MADISON, WI--In the late 1960s, art audiences were introduced to a vibrant new generation of artists who would soon be identified collectively as the Chicago Imagists. Like the Pop artists in New York, Los Angeles, and London, who were somewhat older, these young artists drew inspiration from the everyday urban world and popular culture. But despite these common interests, the Chicago Imagists were more focused on a fantasy art of brilliant color, graphic strength, and free line. With sources and inspirations that ranged from comic books to surrealism, the Chicago Imagists trafficked in exuberant and irreverent satire that spoke to the political and social foibles, as well as the whimsy of contemporary life at the end of the tumultuous 1960s and into the 1970s.

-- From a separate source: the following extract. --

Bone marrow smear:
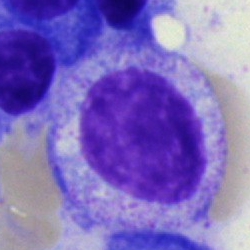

The Madison Museum of Contemporary Art (MMoCA) will present a major exhibition of works by the Chicago Imagists opening September 10, 2011, and continuing through January 15, 2012.Chicago Imagists at the Madison Museum of Contemporary Art will include more than 75 works by Roger Brown, Sarah Canright, Ed Flood, Art Green, Philip Hanson, Gladys Nilsson, Jim Nutt, Ed Paschke, Christina Ramberg, Suellen Rocca, Barbara Rossi, Karl Wirsum, and Ray Yoshida. The exhibition is being organized by the museum’s curator of collections, Richard H. Axsom; director, Stephen Fleischman; and curator of exhibitions, Jane Simon.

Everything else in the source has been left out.